Когда начались необычно ранние морозы, многие стали запахивать свой недозревший, подгнивший, потравленный голодным скотом урожай, — не надеялись, что лошади у них уцелеют до весны. Толпами шли на поля и доставали из воды вместе с ботвой едва завязавшиеся клубни картошки. Варили из нее похлебку. Дети от нее пухли. Начались небывалые болезни, люди мучились животами.
Мясом и хлебом могли питаться только самые запасливые и богатые, у кого осталось что-нибудь от прежних лет.
Когда выпал снег, острее стала ощущаться нехватка еды и кормов. Холода донимали больше всего бедняков. Содрав последнюю солому со стрех, они запрягали лошадей и пускались собирать подачки у жителей верховых, более урожайных мест.
Еще до наступления зимы начали кормить скот соломой с крыш, искрошенной в сечку. По ночам крестьяне ватагами ходили в лес рубить подмерзшую ольху, березу, побегами которых и поддерживали своих кормильцев.
Новой карой для крестьян было появление в казенных и усадебных лесах лесных сторожей. Они караулили зорко и были беспощадны к своим жертвам.
Наступили сильные морозы. Дров достать неоткуда, — ни денег, ни лошадей. Новоселы сожгли заборы и давно оголенные от соломы стропила, сожгли даже срубы колодцев.

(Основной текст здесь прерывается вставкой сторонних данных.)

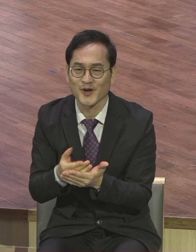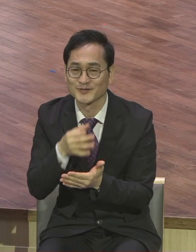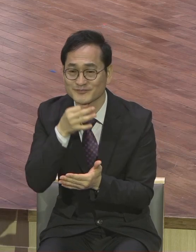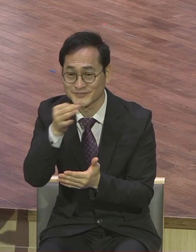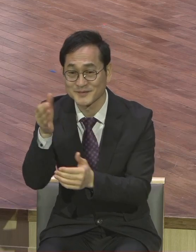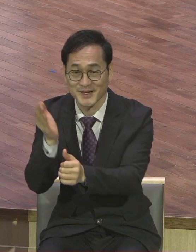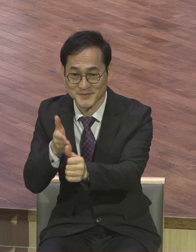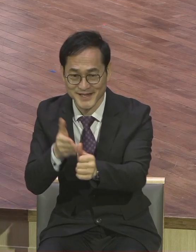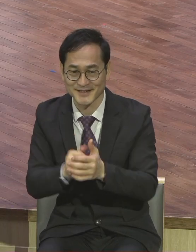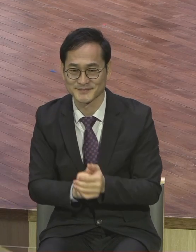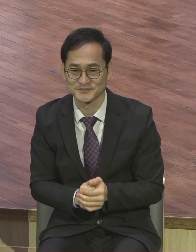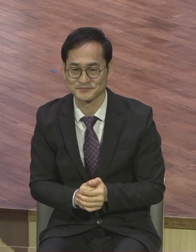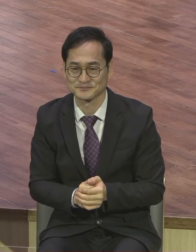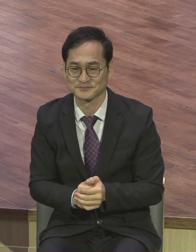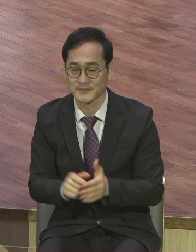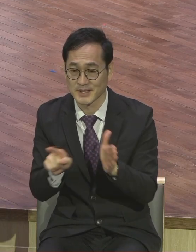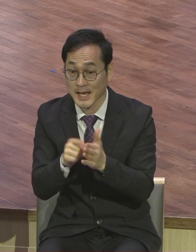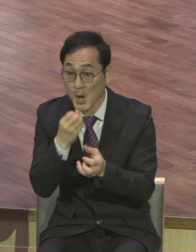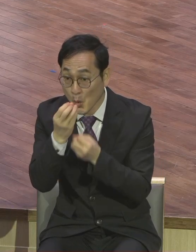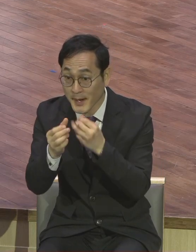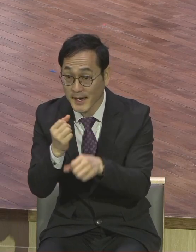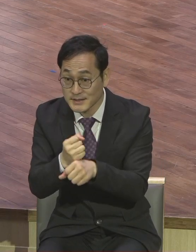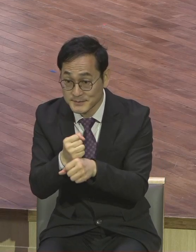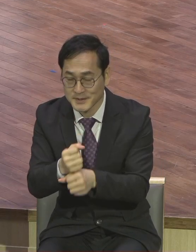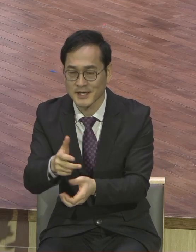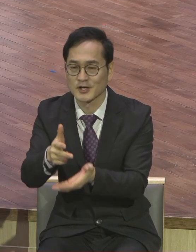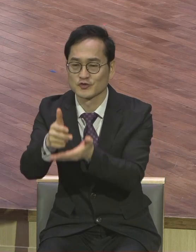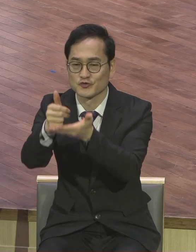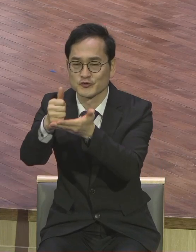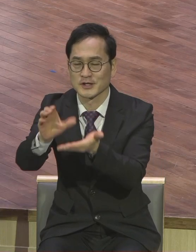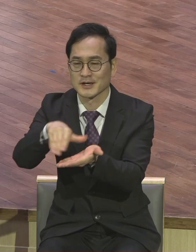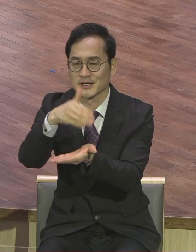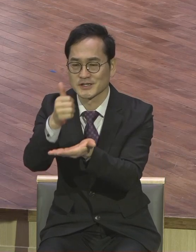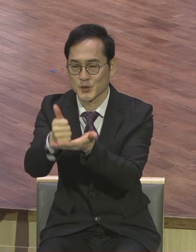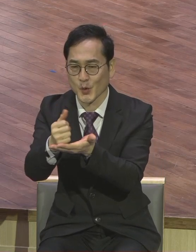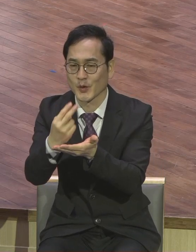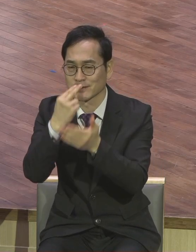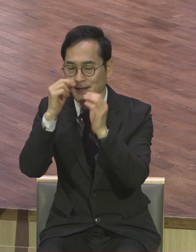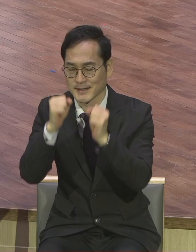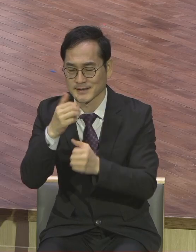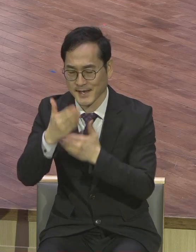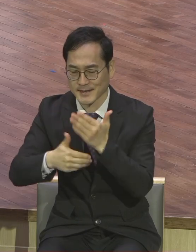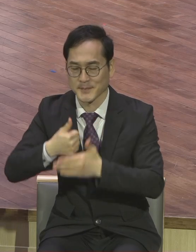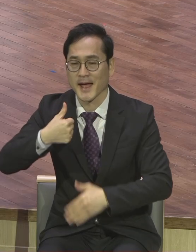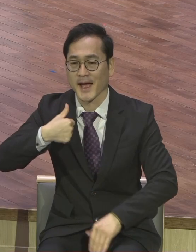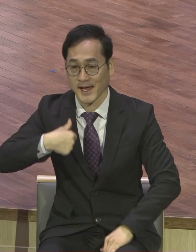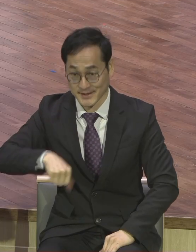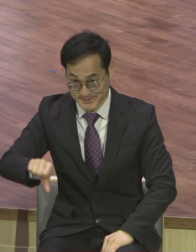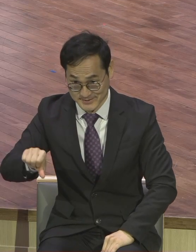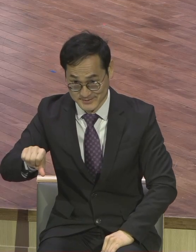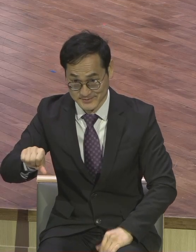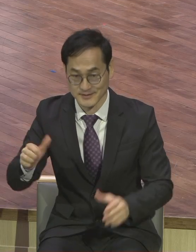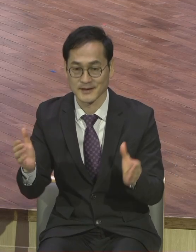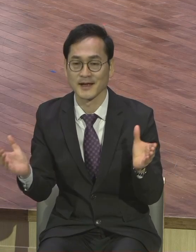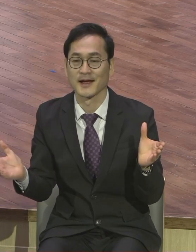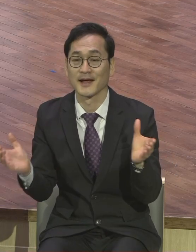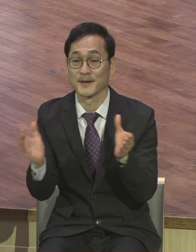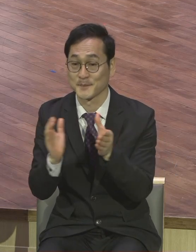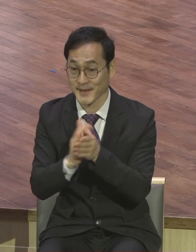주는 그리스도시오 살아계신 하나님의 아들이십니다. 아멘 우리 해외

Жестокие морозы не спадали, а холод — союзник всех несчастий. Говорили, телята замерзали в утробе стельных коров. Волки хозяйничали уже не в лесу, а в хлевах.
Почти каждый день по деревням взламывали клети: захожие из местечек воры брали только одежду и сало.
В эту зиму Тарутисы натерпелись голода, чуть собак не ели. В местечке давно не видели Юраса в шапке стрелка. Командование организации стрелков посылало ему вызов — явиться в парадной форме на торжественное празднование освобождения Литвы, но он на него не отозвался. Были, значит, важные дела, если иметь ввиду его горячую, удалую голову, его страсть к собраниям, выступлениям.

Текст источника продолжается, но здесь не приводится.